Apologies for the triple thread and ultimately the double reply that is about to happen.


----------



## jonny jeez (21 Dec 2014)

Seems the issues is compounded when creating posts....each of the below "failed" ...but obviously didn't....I couldn't tell until I closed the browser and re opened the cc page and saw the below.

Apologies for the triple thread and ultimately the double reply that is about to happen.


----------



## summerdays (21 Dec 2014)

It's not connected to IOS8 as I get it on IOS7 too.


----------



## jonny jeez (21 Dec 2014)

Yup...just seen the other posts....Christmas gremlins.

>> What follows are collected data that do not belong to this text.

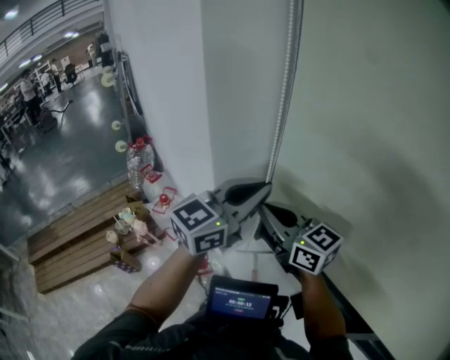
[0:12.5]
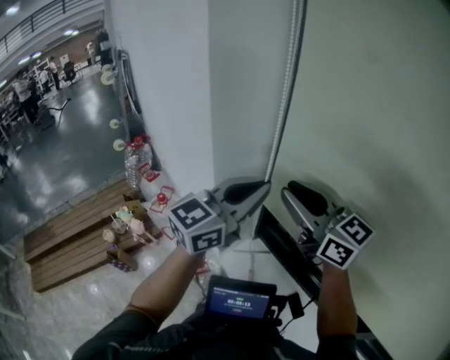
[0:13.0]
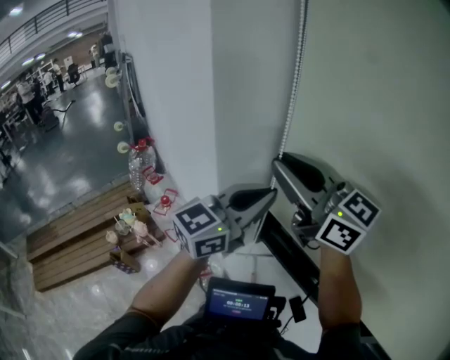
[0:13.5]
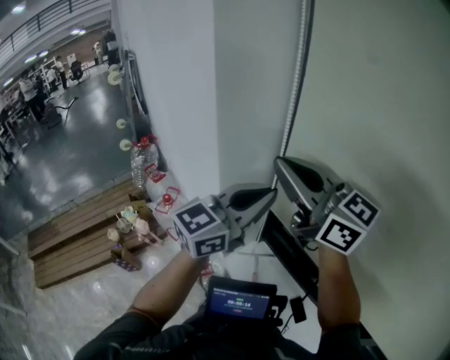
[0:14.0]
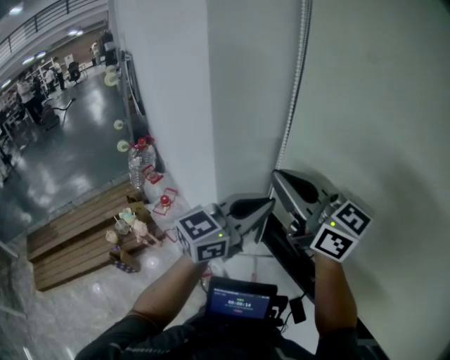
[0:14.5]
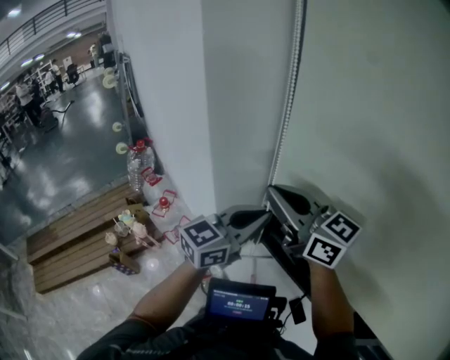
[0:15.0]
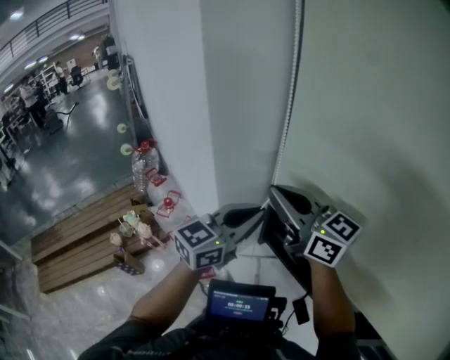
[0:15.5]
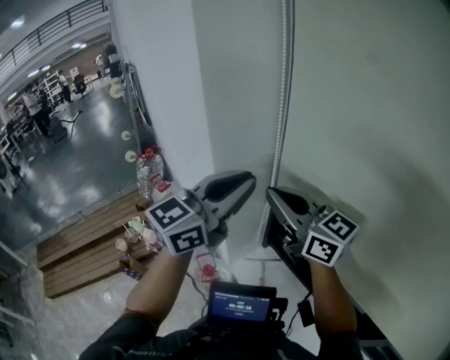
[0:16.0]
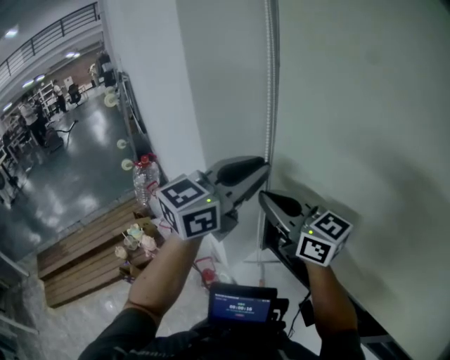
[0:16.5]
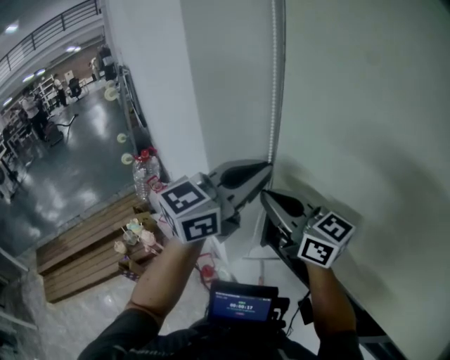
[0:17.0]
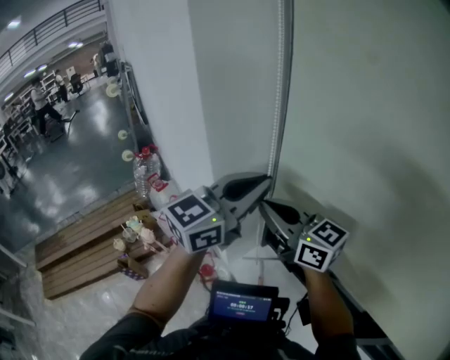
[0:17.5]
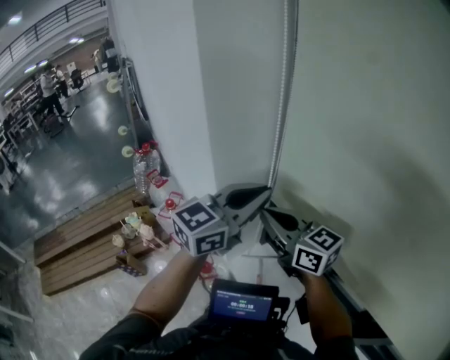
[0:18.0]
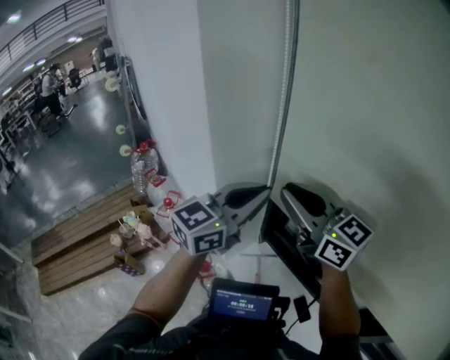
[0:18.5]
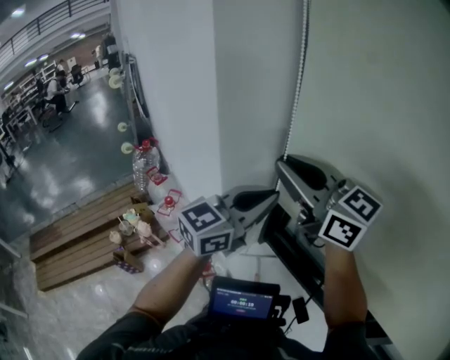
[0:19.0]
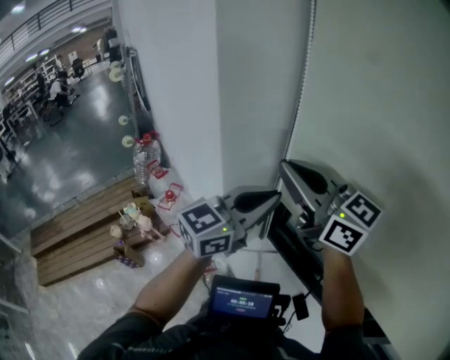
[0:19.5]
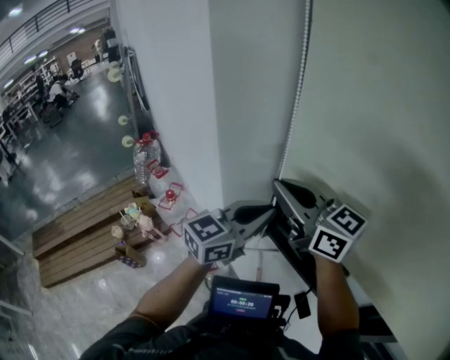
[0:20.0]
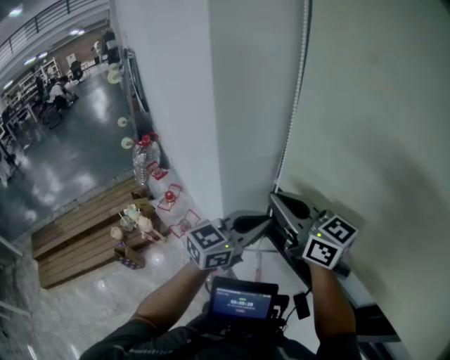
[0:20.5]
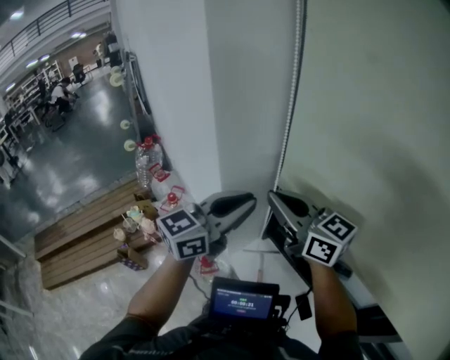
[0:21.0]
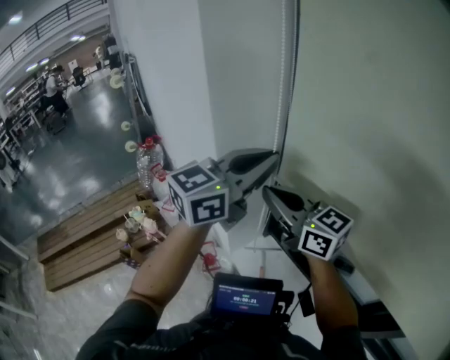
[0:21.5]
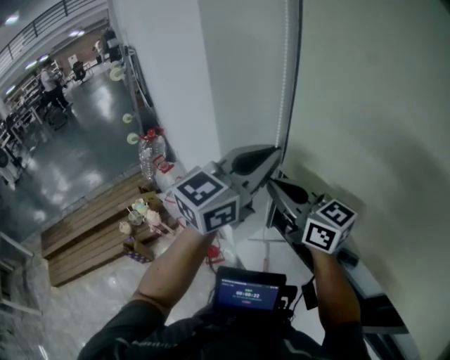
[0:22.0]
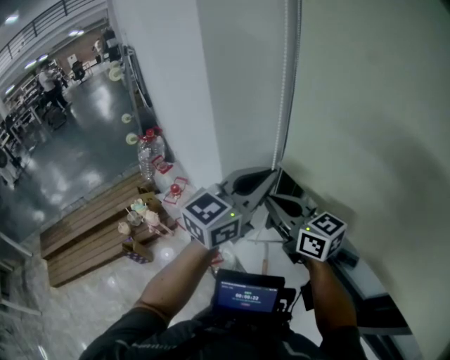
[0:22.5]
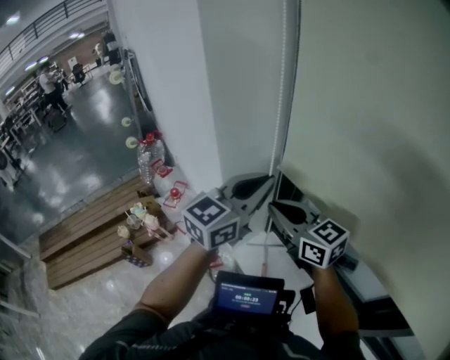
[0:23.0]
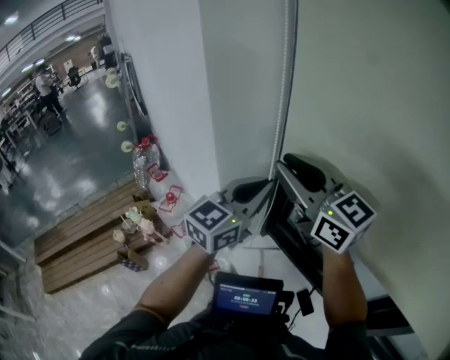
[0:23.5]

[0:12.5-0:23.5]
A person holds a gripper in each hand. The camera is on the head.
0:12.5 to 0:14.5: The right gripper heads upward, covering about 10 cm, and opens and closes again.
0:14.5 to 0:16.0: The left gripper moves upward, approximately 5 cm.
0:16.0 to 0:18.0: Both grippers move downward, some 5 cm.
0:18.0 to 0:20.0: The left gripper moves downward, some 5 cm, while the right gripper heads upward, covering about 10 cm.
0:20.0 to 0:21.5: The left gripper moves upward, approximately 15 cm.
0:21.5 to 0:23.5: The left gripper shifts about 10 cm downward. Meanwhile the right gripper travels upward by some 10 cm, and opens its fingers.

Also the " your content" feature returns a negative "page not working" result.


----------



## the_mikey (21 Dec 2014)

I'm experiencing the same problem on Android using Opera and Chrome and on Windows using chrome also. 

I avoid the double post by simply reloading the page after posting (although there are no clues to prove that a message has been posted until the page is reloaded).


----------



## Spinney (21 Dec 2014)

Lots of people are - Shaun has other things on at the moment, so I suspect we will have to just put up with it until he can kick the relevant box...

Thanks for reporting though.

Sometimes hitting refresh when you get the failure screen (rather than hitting reply again) often works.


----------



## zimzum42 (21 Dec 2014)

Happening to me too with Safari on iOS 10.6.8


----------



## Shaun (21 Dec 2014)

At a family birthday party, but one of the mods emailed and I've restarted a couple of the server apps so will hopefully sort!


----------



## jefmcg (21 Dec 2014)

seems to have fixed it. In fact, I had a single posting that disappeared a few minutes ago.

It reappeared in the draft box on the thread, so I just had to hit "Post Reply" again.

Edit: yup, seems to be behaving itself. Thanks @Shaun and happy Christmas.


----------



## jonny jeez (21 Dec 2014)

Shaun said:


> At a family birthday party, but one of the mods emailed and I've restarted a couple of the server apps so will hopefully sort!


And this is exactly what I adore about cyclechat.

Can anyone imagine getting a post like that from zukerberg...hope the party went well, thanks for sorting


----------